Fuel hike blow for farmers
The petrol price increase this week will hit the pockets of farmers the hardest.
Ordinary consumers will also feel the severe impact of the 74c/l hike in petrol and 91c/l hike in diesel, as increased transport costs will likely fuel food price inflation.
FNB Agribusiness information and marketing head Dawie Maree said both petrol and diesel were used for tillage, harvesting, machinery and transportation – making them critical components for both smallscale and commercial farmers.
Maree said the industry had already been dealt a big blow when finance minister Tito Mboweni announced an increase of about 30c/l for diesel, with effect from April 1.
“Given that 70% of SA’s food is transported by road, the increase in the diesel price will have a negative impact on food inflation, and the disposable income of consumers who are already struggling to make ends meet,” Maree said.

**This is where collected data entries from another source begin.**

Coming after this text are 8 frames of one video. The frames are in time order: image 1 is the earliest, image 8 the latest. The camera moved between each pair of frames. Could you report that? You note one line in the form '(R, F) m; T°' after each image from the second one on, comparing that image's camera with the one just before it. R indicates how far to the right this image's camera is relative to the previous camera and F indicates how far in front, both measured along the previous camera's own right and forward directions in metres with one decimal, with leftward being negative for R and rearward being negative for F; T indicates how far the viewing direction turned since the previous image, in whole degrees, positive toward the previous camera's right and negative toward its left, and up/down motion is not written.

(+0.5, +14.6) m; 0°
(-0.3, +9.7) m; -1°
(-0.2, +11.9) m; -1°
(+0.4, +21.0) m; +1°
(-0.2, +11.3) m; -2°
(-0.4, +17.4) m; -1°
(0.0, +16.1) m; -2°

Adding a similar voice of concern, South African Chamber of Commerce and Industry CEO Alan Mukoki said the chamber was concerned that fuel price increases would lead to inflationary pressures on the economy.
He said the hike could lead to potential interest rate increases and an increasingly difficult environment for economic growth.

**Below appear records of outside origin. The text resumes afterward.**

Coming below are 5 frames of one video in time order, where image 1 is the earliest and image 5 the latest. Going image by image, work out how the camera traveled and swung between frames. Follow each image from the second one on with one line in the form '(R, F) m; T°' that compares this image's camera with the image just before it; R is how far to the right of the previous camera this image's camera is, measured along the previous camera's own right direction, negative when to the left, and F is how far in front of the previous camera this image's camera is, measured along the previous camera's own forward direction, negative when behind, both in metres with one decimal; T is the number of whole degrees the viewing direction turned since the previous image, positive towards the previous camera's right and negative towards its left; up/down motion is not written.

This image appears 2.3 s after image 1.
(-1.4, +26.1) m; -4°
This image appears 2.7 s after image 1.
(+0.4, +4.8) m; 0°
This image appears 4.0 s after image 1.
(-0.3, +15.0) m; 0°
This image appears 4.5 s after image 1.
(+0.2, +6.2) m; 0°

Mukoki said the chamber acknowledged the government’s attempt to lessen the blow for consumers by implementing the price hike in stages.

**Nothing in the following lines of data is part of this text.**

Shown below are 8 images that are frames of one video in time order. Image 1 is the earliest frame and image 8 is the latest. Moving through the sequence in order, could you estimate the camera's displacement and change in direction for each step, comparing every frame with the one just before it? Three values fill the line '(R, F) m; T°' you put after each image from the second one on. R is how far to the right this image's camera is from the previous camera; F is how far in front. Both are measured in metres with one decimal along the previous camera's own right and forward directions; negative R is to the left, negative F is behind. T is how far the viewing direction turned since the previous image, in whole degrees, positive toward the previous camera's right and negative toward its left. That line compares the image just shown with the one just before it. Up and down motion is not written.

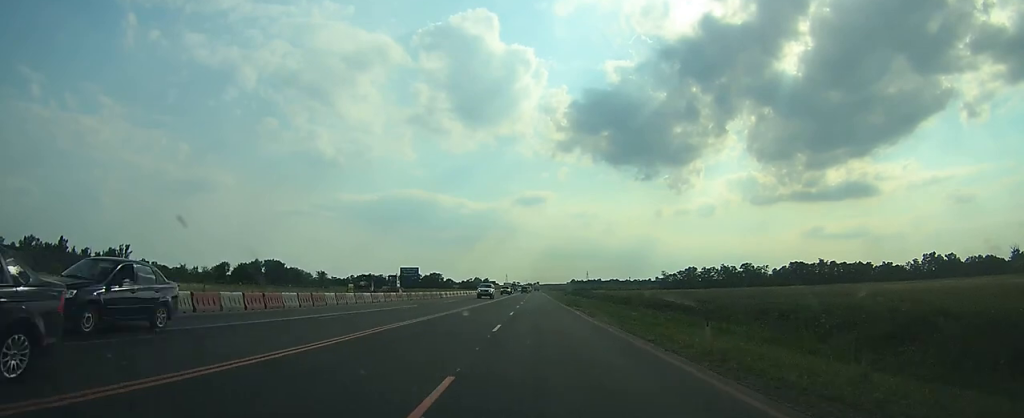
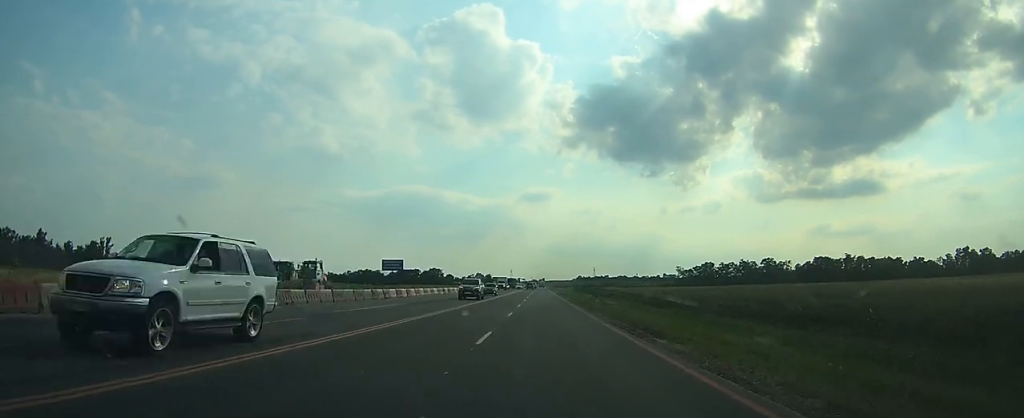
(+0.2, +28.4) m; +1°
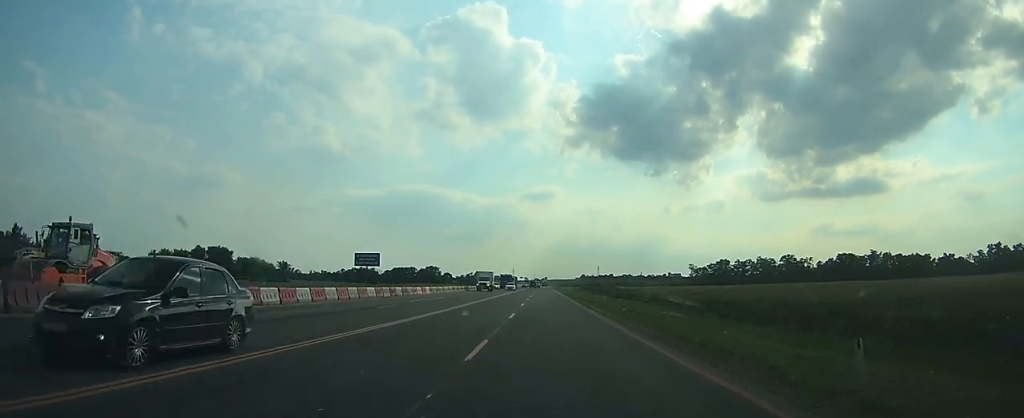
(+0.1, +26.4) m; 0°
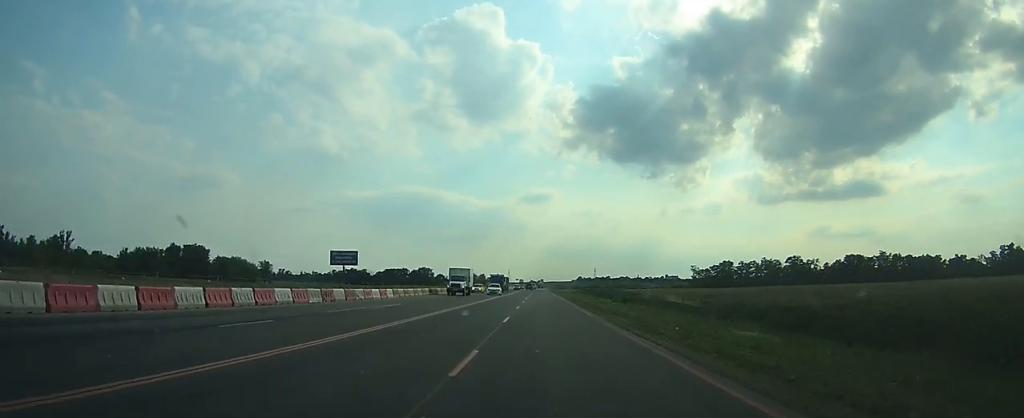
(0.0, +13.6) m; 0°
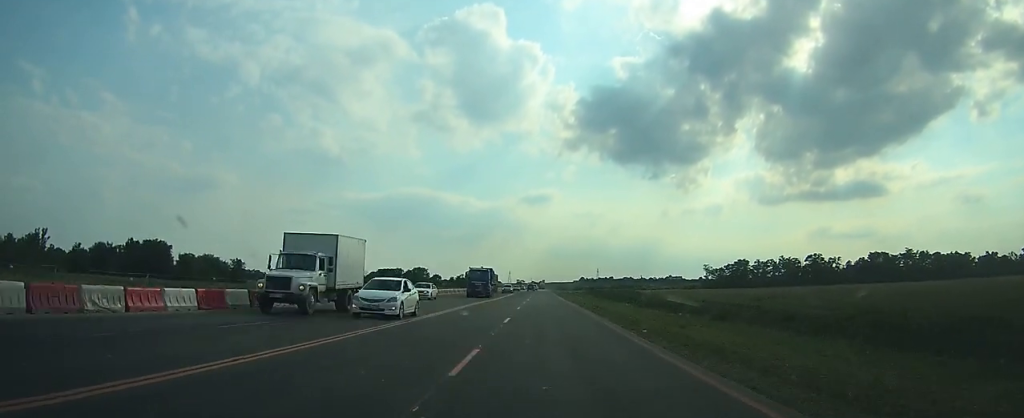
(-0.1, +23.8) m; 0°
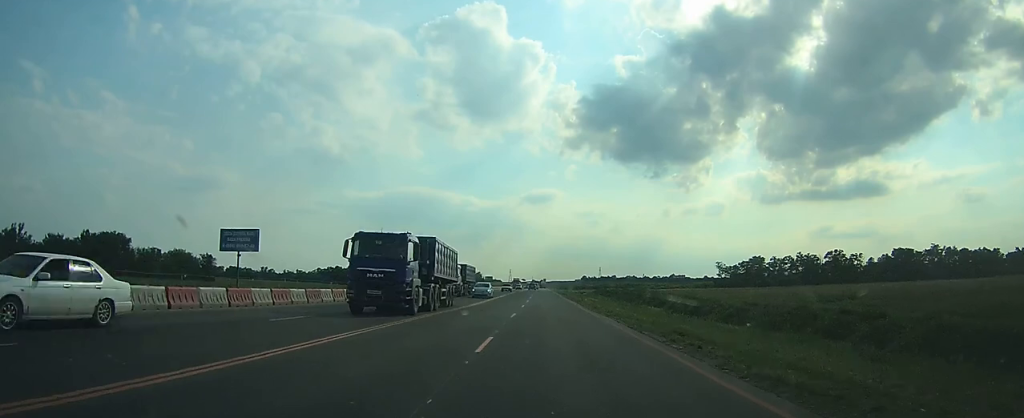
(0.0, +21.0) m; 0°
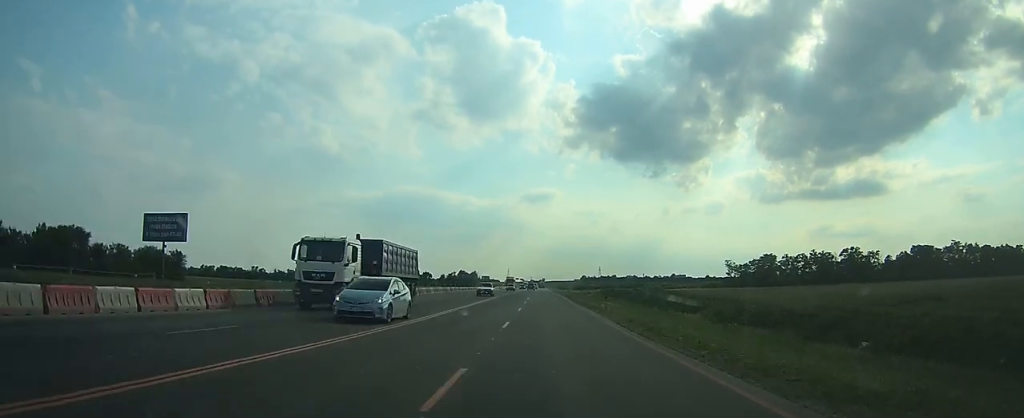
(+0.1, +16.8) m; 0°
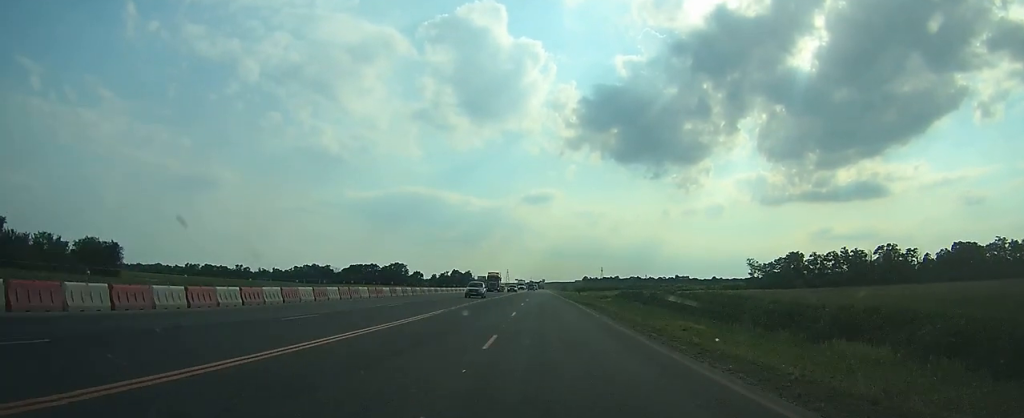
(0.0, +30.1) m; 0°
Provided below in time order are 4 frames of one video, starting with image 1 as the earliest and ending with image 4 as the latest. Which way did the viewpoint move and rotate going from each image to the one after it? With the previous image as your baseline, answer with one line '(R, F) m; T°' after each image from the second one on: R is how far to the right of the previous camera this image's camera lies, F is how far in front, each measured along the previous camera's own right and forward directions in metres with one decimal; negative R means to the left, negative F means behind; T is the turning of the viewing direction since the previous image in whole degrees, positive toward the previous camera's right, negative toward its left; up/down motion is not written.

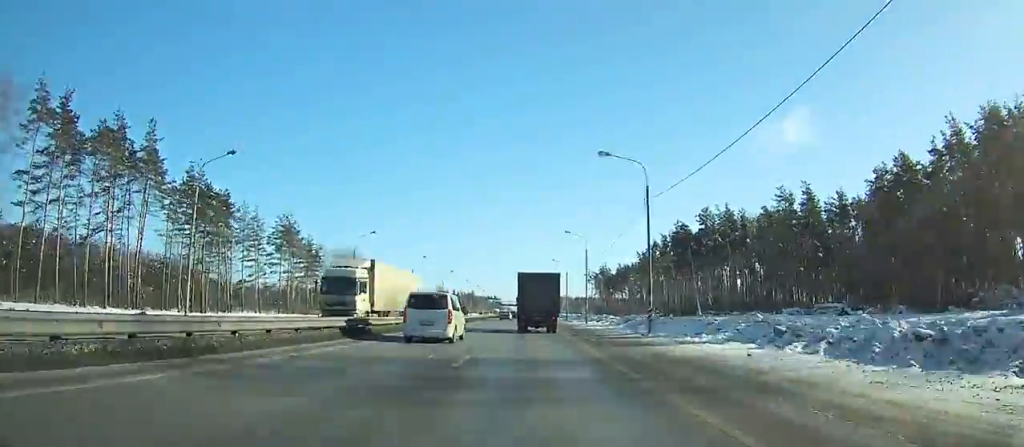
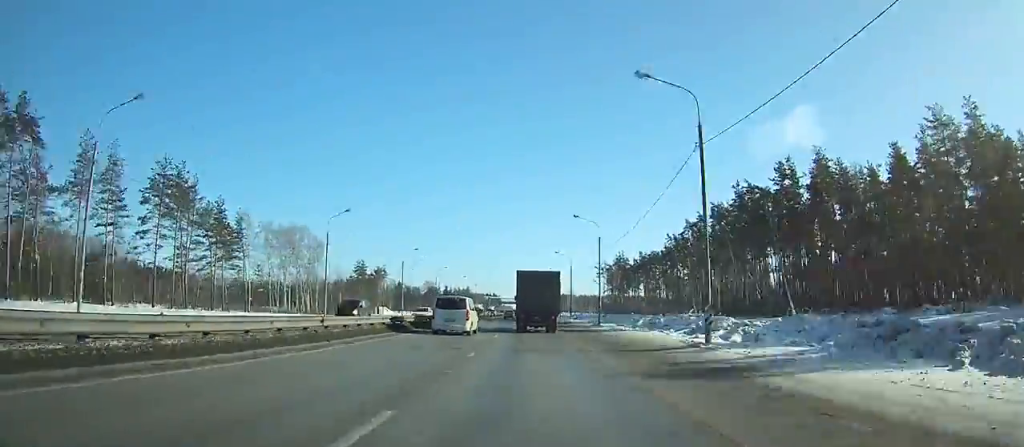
(0.0, +43.8) m; 0°
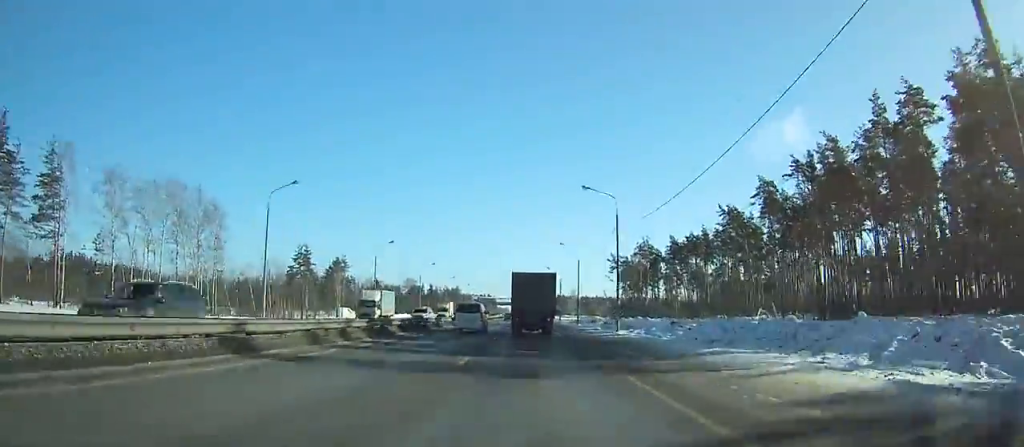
(+0.1, +49.3) m; 0°
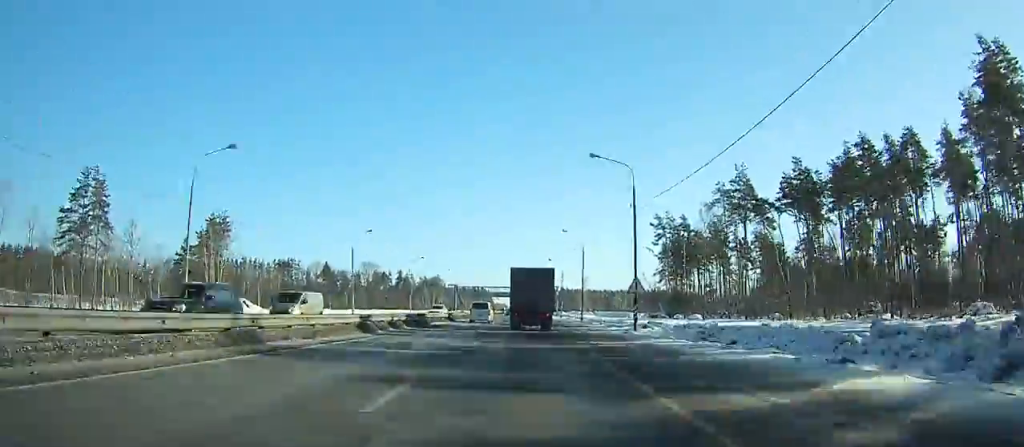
(0.0, +78.3) m; 0°

“However, taken over a period, the effect will still be negative,” Mukoki said.
“We urge the government to make every endeavour to trim unnecessary, wasteful and reckless expenditure with an idea to reduce the various levies on the price of fuel.
“This cost of energy input is already overtaxed.
“An economy whose energy input costs keep rising and are not commensurate with economic growth and job creation is bound to hit turbulence,” Mukoki said.